Now, two mathematicians have proven Hawking and his team wrong. This new research, contained in two recent papers by Dr. Christoph Kähle of the Massachusetts Institute of Technology and Dr. Ryan Unger of Stanford University and the University of California, Berkeley, demonstrates that there is nothing in the laws of physics we know that prevents extremal black holes from forming.
Michalis Daffermos, a mathematician at Princeton University and Kahle and Unger’s doctoral supervisor, called their mathematical proof “beautiful, technologically groundbreaking and physically astonishing,” adding that it suggests the possibility of a richer, more diverse universe in which “extreme black holes may exist astrophysical-wise.”
That doesn’t mean it’s real. “Just because there’s a mathematical solution with nice properties doesn’t necessarily mean that nature will exploit it,” Khanna says. “But if we somehow found such a solution, it would force us to think hard about what we’re missing.” Such a discovery could raise “some pretty radical kinds of questions,” he noted.
The law of impossibility
Prior to Kähle and Unger’s proof, there was good reason to believe that extremal black holes could not exist.
In 1973, Bardeen, Carter and Hawking published four laws for the behavior of black holes, which are similar to the long-established four laws of thermodynamics, a sacred set of principles that state, for example, that the universe becomes disordered over time and that energy can neither be created nor destroyed.
In their paper, the physicists proved the first three laws of black hole thermodynamics: the zeroth law, the first law, and the second law.

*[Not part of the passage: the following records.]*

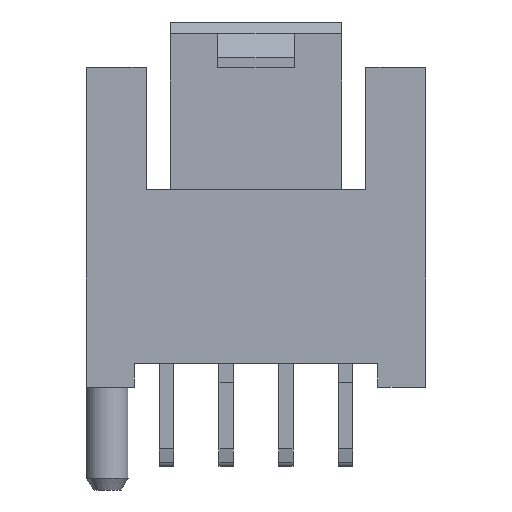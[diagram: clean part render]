
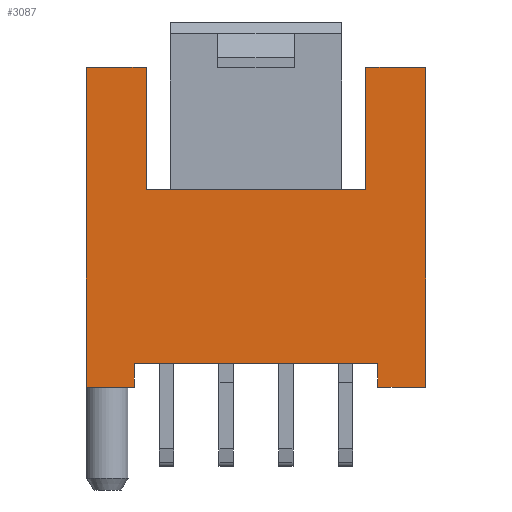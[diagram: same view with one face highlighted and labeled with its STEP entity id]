
A CAD part, front view. The second image highlights one B-rep face of the part: STEP entity #3087.
In plain terms, the highlighted planar face has unit normal (0, -1, 0).
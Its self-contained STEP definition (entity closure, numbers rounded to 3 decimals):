
#29=DIRECTION('',(0.,0.,-1.));
#30=VECTOR('',#29,13.4);
#31=CARTESIAN_POINT('',(-7.1,-4.6,6.7));
#32=LINE('',#31,#30);
#97=DIRECTION('',(1.,0.,0.));
#98=VECTOR('',#97,2.);
#99=CARTESIAN_POINT('',(5.1,-4.6,-6.7));
#100=LINE('',#99,#98);
#113=DIRECTION('',(1.,0.,0.));
#114=VECTOR('',#113,2.);
#115=CARTESIAN_POINT('',(-7.1,-4.6,-6.7));
#116=LINE('',#115,#114);
#142=DIRECTION('',(0.,0.,-1.));
#143=VECTOR('',#142,13.4);
#144=CARTESIAN_POINT('',(7.1,-4.6,6.7));
#145=LINE('',#144,#143);
#178=DIRECTION('',(0.,0.,-1.));
#179=VECTOR('',#178,5.1);
#180=CARTESIAN_POINT('',(-4.6,-4.6,6.7));
#181=LINE('',#180,#179);
#182=DIRECTION('',(1.,0.,0.));
#183=VECTOR('',#182,9.2);
#184=CARTESIAN_POINT('',(-4.6,-4.6,1.6));
#185=LINE('',#184,#183);
#186=DIRECTION('',(0.,0.,-1.));
#187=VECTOR('',#186,5.1);
#188=CARTESIAN_POINT('',(4.6,-4.6,6.7));
#189=LINE('',#188,#187);
#190=DIRECTION('',(1.,0.,0.));
#191=VECTOR('',#190,2.5);
#192=CARTESIAN_POINT('',(4.6,-4.6,6.7));
#193=LINE('',#192,#191);
#194=DIRECTION('',(0.,0.,1.));
#195=VECTOR('',#194,1.);
#196=CARTESIAN_POINT('',(5.1,-4.6,-6.7));
#197=LINE('',#196,#195);
#198=DIRECTION('',(-1.,0.,0.));
#199=VECTOR('',#198,10.2);
#200=CARTESIAN_POINT('',(5.1,-4.6,-5.7));
#201=LINE('',#200,#199);
#202=DIRECTION('',(0.,0.,1.));
#203=VECTOR('',#202,1.);
#204=CARTESIAN_POINT('',(-5.1,-4.6,-6.7));
#205=LINE('',#204,#203);
#206=DIRECTION('',(1.,0.,0.));
#207=VECTOR('',#206,2.5);
#208=CARTESIAN_POINT('',(-7.1,-4.6,6.7));
#209=LINE('',#208,#207);
#2163=CARTESIAN_POINT('',(-7.1,-4.6,6.7));
#2165=VERTEX_POINT('',#2163);
#2166=CARTESIAN_POINT('',(-7.1,-4.6,-6.7));
#2167=VERTEX_POINT('',#2166);
#2177=CARTESIAN_POINT('',(7.1,-4.6,6.7));
#2179=VERTEX_POINT('',#2177);
#2180=CARTESIAN_POINT('',(7.1,-4.6,-6.7));
#2181=VERTEX_POINT('',#2180);
#2234=CARTESIAN_POINT('',(5.1,-4.6,-6.7));
#2235=CARTESIAN_POINT('',(5.1,-4.6,-5.7));
#2236=VERTEX_POINT('',#2234);
#2237=VERTEX_POINT('',#2235);
#2238=CARTESIAN_POINT('',(-5.1,-4.6,-5.7));
#2239=VERTEX_POINT('',#2238);
#2240=CARTESIAN_POINT('',(-5.1,-4.6,-6.7));
#2241=VERTEX_POINT('',#2240);
#2250=CARTESIAN_POINT('',(-4.6,-4.6,6.7));
#2252=VERTEX_POINT('',#2250);
#2254=CARTESIAN_POINT('',(4.6,-4.6,6.7));
#2256=VERTEX_POINT('',#2254);
#2258=CARTESIAN_POINT('',(-4.6,-4.6,1.6));
#2259=VERTEX_POINT('',#2258);
#2260=CARTESIAN_POINT('',(4.6,-4.6,1.6));
#2261=VERTEX_POINT('',#2260);
#3060=CARTESIAN_POINT('',(-7.1,-4.6,6.7));
#3061=DIRECTION('',(0.,-1.,0.));
#3062=DIRECTION('',(0.,0.,-1.));
#3063=AXIS2_PLACEMENT_3D('',#3060,#3061,#3062);
#3064=PLANE('',#3063);
#3066=ORIENTED_EDGE('',*,*,#3065,.T.);
#3068=ORIENTED_EDGE('',*,*,#3067,.T.);
#3070=ORIENTED_EDGE('',*,*,#3069,.F.);
#3072=ORIENTED_EDGE('',*,*,#3071,.T.);
#3073=ORIENTED_EDGE('',*,*,#3040,.T.);
#3074=ORIENTED_EDGE('',*,*,#2961,.F.);
#3076=ORIENTED_EDGE('',*,*,#3075,.T.);
#3078=ORIENTED_EDGE('',*,*,#3077,.T.);
#3080=ORIENTED_EDGE('',*,*,#3079,.F.);
#3081=ORIENTED_EDGE('',*,*,#2992,.F.);
#3082=ORIENTED_EDGE('',*,*,#2883,.F.);
#3084=ORIENTED_EDGE('',*,*,#3083,.T.);
#3085=EDGE_LOOP('',(#3066,#3068,#3070,#3072,#3073,#3074,#3076,#3078,#3080,#3081,
#3082,#3084));
#3086=FACE_OUTER_BOUND('',#3085,.F.);
#3087=ADVANCED_FACE('',(#3086),#3064,.T.);
#2883=EDGE_CURVE('',#2165,#2167,#32,.T.);
#2961=EDGE_CURVE('',#2236,#2181,#100,.T.);
#2992=EDGE_CURVE('',#2167,#2241,#116,.T.);
#3040=EDGE_CURVE('',#2179,#2181,#145,.T.);
#3065=EDGE_CURVE('',#2252,#2259,#181,.T.);
#3067=EDGE_CURVE('',#2259,#2261,#185,.T.);
#3069=EDGE_CURVE('',#2256,#2261,#189,.T.);
#3071=EDGE_CURVE('',#2256,#2179,#193,.T.);
#3075=EDGE_CURVE('',#2236,#2237,#197,.T.);
#3077=EDGE_CURVE('',#2237,#2239,#201,.T.);
#3079=EDGE_CURVE('',#2241,#2239,#205,.T.);
#3083=EDGE_CURVE('',#2165,#2252,#209,.T.);

Additionally, they hypothesized that the third law (which is similar to the standard law of thermodynamics) is also true, although they have not yet been able to prove it.
The law states that the surface gravity of a black hole cannot be reduced to zero in a finite time, i.e., there is no way to create an extremal black hole. To support their claim, the three argued that any process in which the charge or spin of a black hole reaches an extremum could also result in the black hole’s event horizon disappearing entirely. Black holes without an event horizon are called naked singularities and are widely believed to be unable to exist. Furthermore, since the temperature of a black hole is known to be proportional to its surface gravity, a black hole without surface gravity would also have no temperature. Such black holes would not emit thermal radiation. Hawking later proposed that black holes must emit thermal radiation.
In 1986, physicist Werner Israel published a proof of the third law that seemed to put an end to the problem. Suppose we wanted to create an extremal black hole from an ordinary black hole. We could do this by making the black hole spin faster or by adding charged particles. Israel’s proof seemed to show that doing so would not reduce the black hole’s surface gravity to zero in a finite amount of time.
As Kahle and Unger ultimately discovered, Israel’s arguments were hidden by flaws.
The End of the Third Law
Kähle and Unger did not set out to find an extremal black hole, but discovered it purely by chance.
They were studying the formation of electrically charged black holes, and “realized that you could make black holes with any charge-to-mass ratio,” Kale says, including the highest possible charge, a characteristic of extreme black holes.
Daffermos recognized that his former students had found a counterexample to Bardeen, Carter and Hawking’s third law: they had shown that it was possible to transform a typical black hole into an extremal black hole in a finite amount of time.
Starting with a non-rotating, uncharged black hole, Kale and Unger modeled what would happen if they placed it in a simplified environment called a scalar field, which imagines a background of uniformly charged particles. They then added charge to the black hole by hitting it with pulses from the field.